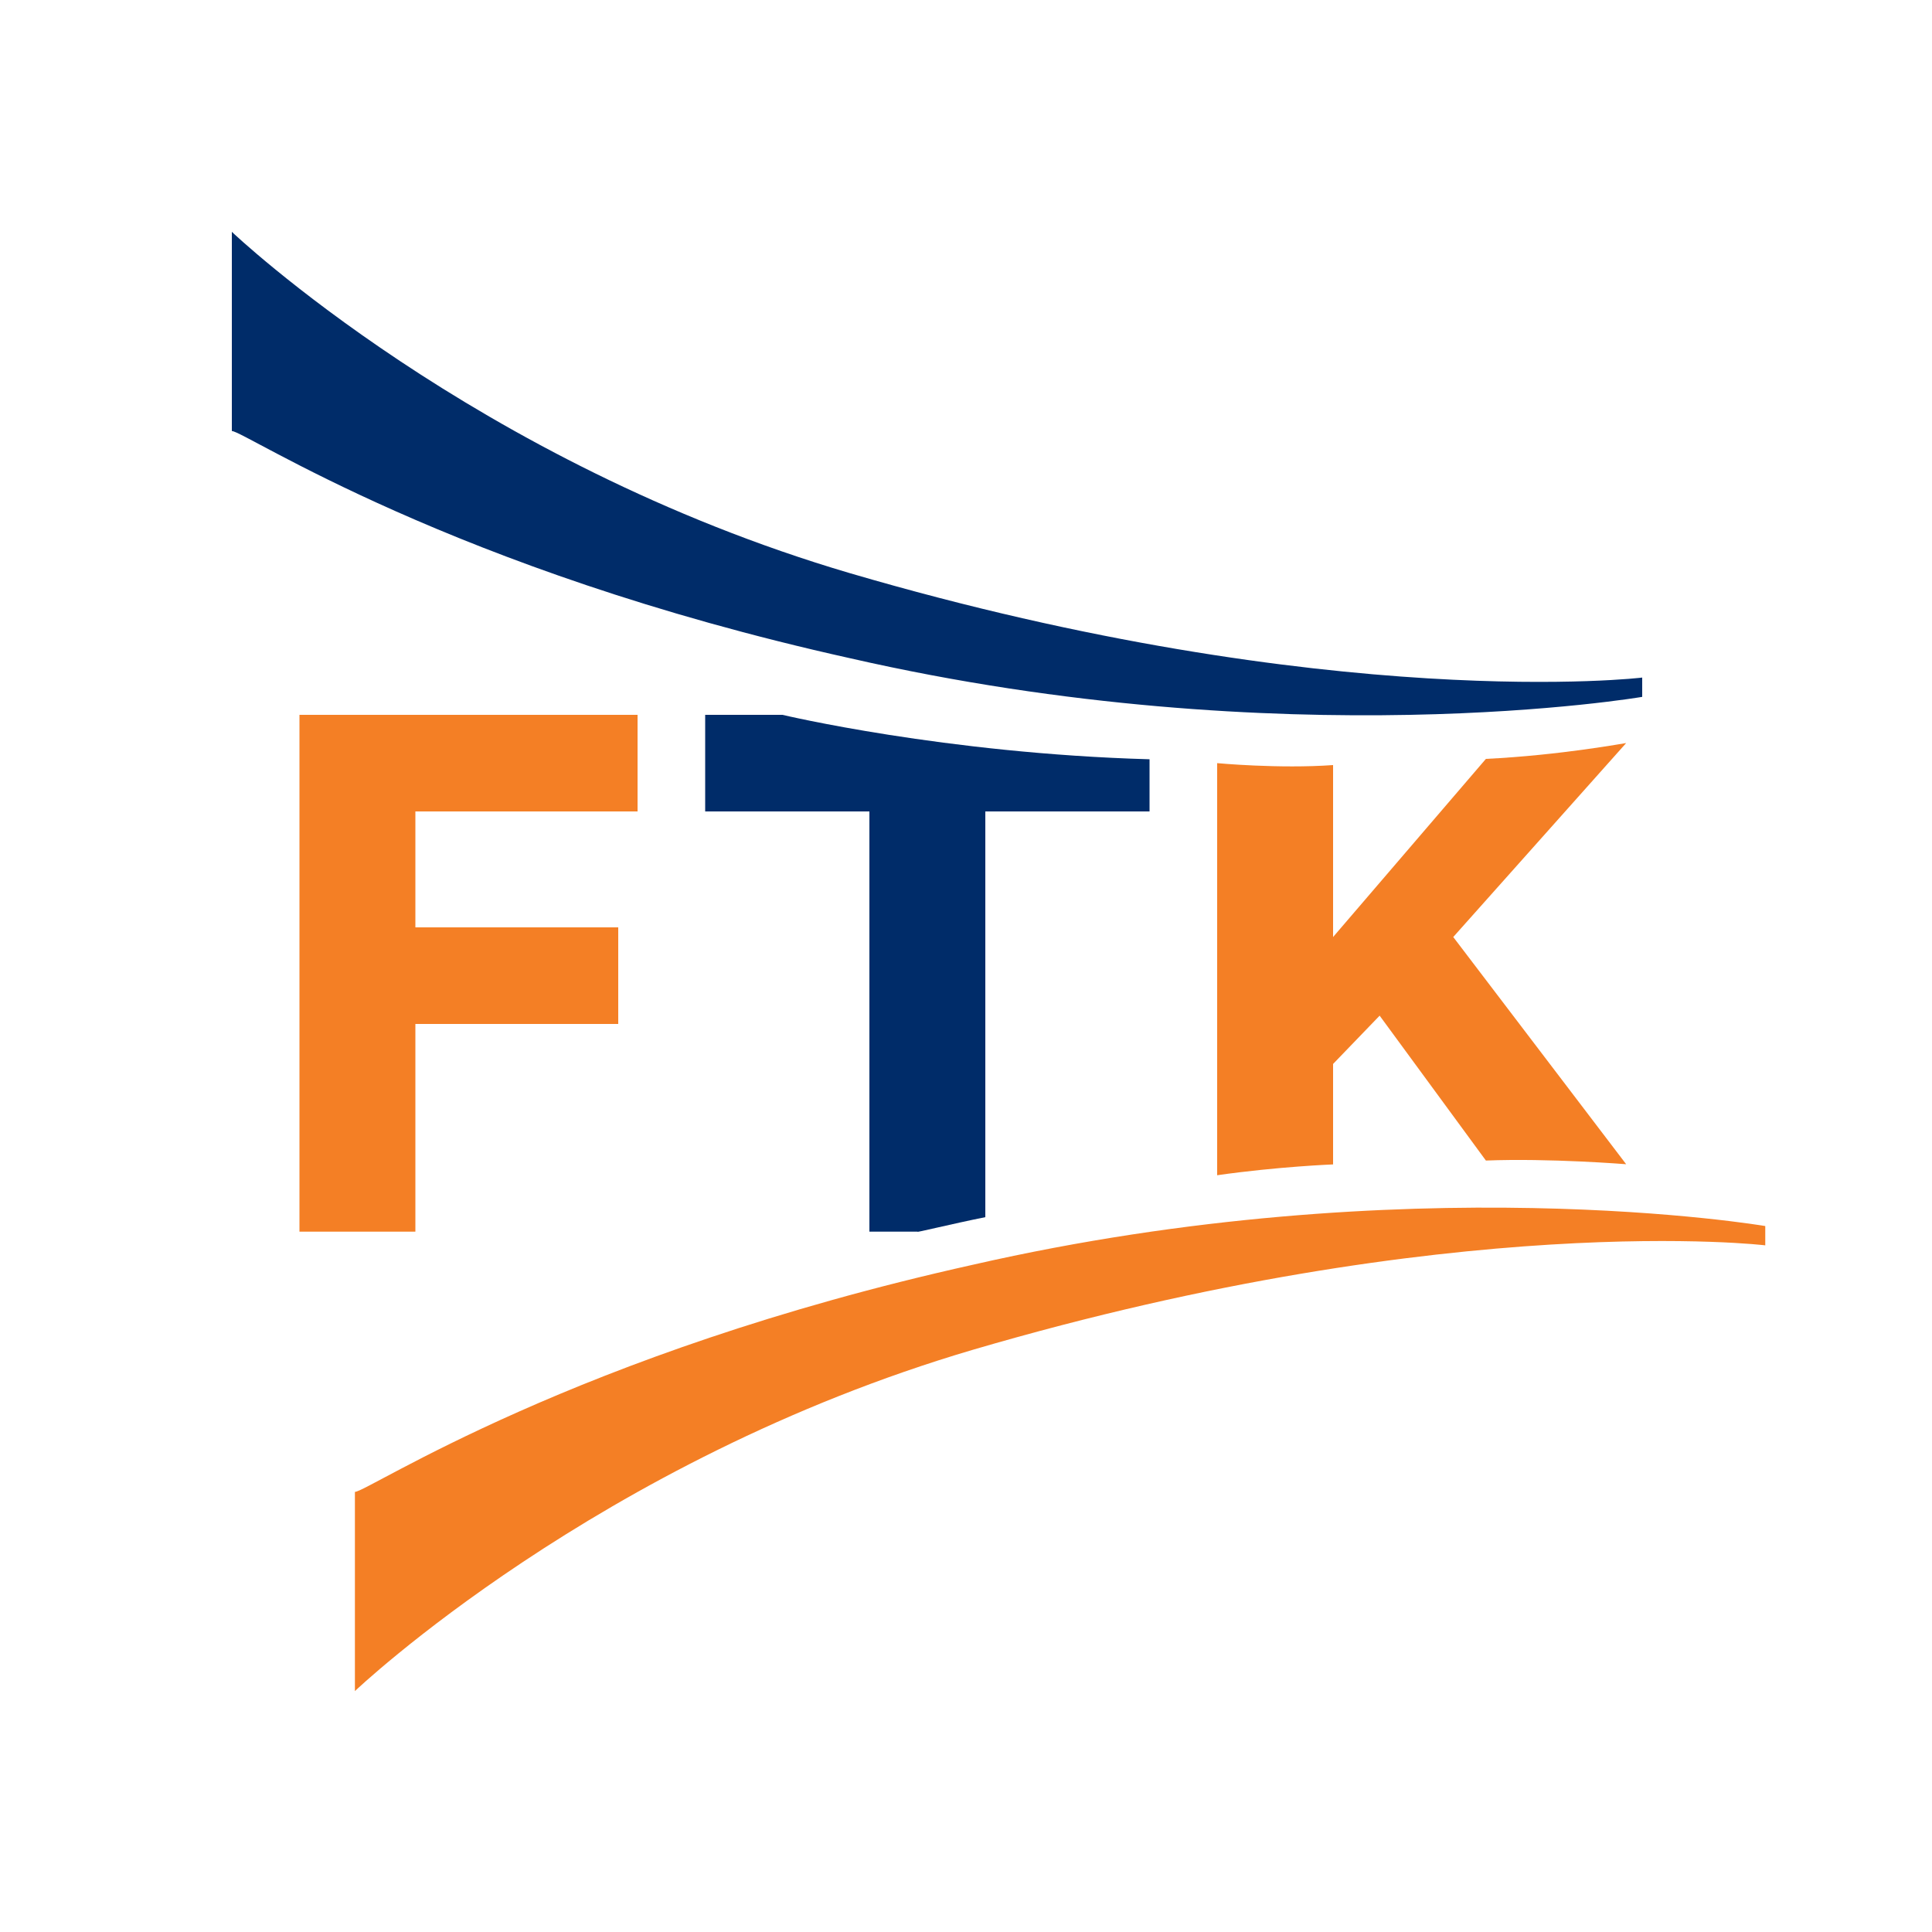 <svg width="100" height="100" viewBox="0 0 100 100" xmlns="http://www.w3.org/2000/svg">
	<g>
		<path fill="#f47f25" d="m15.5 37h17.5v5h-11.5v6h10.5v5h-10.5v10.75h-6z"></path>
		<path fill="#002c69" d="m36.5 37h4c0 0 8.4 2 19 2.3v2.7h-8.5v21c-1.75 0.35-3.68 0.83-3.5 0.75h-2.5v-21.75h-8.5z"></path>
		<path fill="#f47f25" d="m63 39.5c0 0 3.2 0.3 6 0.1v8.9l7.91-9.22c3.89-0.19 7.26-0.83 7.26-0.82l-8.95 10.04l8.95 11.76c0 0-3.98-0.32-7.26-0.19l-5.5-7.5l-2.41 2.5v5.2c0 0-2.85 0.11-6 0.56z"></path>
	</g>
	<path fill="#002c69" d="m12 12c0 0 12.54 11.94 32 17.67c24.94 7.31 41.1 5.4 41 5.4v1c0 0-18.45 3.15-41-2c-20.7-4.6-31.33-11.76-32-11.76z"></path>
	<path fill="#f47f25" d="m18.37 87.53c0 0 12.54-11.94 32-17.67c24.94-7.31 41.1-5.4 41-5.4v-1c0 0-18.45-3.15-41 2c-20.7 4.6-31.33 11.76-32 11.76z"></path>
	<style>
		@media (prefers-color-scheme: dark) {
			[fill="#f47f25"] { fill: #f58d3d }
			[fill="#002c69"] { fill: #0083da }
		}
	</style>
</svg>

= = = = = = =

**Exercise aim:**
Leave out the pictures and copy the rest of the material above exactly.

**Result below:**
 <svg width="100" height="100" viewBox="0 0 100 100" xmlns="http://www.w3.org/2000/svg">
	<g>
		<path fill="#f47f25" d="m15.5 37h17.5v5h-11.5v6h10.5v5h-10.5v10.75h-6z"></path>
		<path fill="#002c69" d="m36.5 37h4c0 0 8.4 2 19 2.3v2.7h-8.5v21c-1.75 0.35-3.68 0.83-3.5 0.75h-2.5v-21.75h-8.5z"></path>
		<path fill="#f47f25" d="m63 39.5c0 0 3.2 0.3 6 0.1v8.9l7.91-9.22c3.89-0.19 7.26-0.83 7.26-0.82l-8.95 10.04l8.95 11.76c0 0-3.98-0.32-7.26-0.19l-5.5-7.5l-2.41 2.5v5.2c0 0-2.85 0.11-6 0.56z"></path>
	</g>
	<path fill="#002c69" d="m12 12c0 0 12.54 11.94 32 17.67c24.94 7.31 41.1 5.4 41 5.4v1c0 0-18.45 3.15-41-2c-20.7-4.6-31.33-11.76-32-11.76z"></path>
	<path fill="#f47f25" d="m18.37 87.53c0 0 12.54-11.94 32-17.67c24.94-7.31 41.1-5.4 41-5.4v-1c0 0-18.45-3.15-41 2c-20.7 4.6-31.33 11.76-32 11.76z"></path>
	<style>
		@media (prefers-color-scheme: dark) {
			[fill="#f47f25"] { fill: #f58d3d }
			[fill="#002c69"] { fill: #0083da }
		}
	</style>
</svg>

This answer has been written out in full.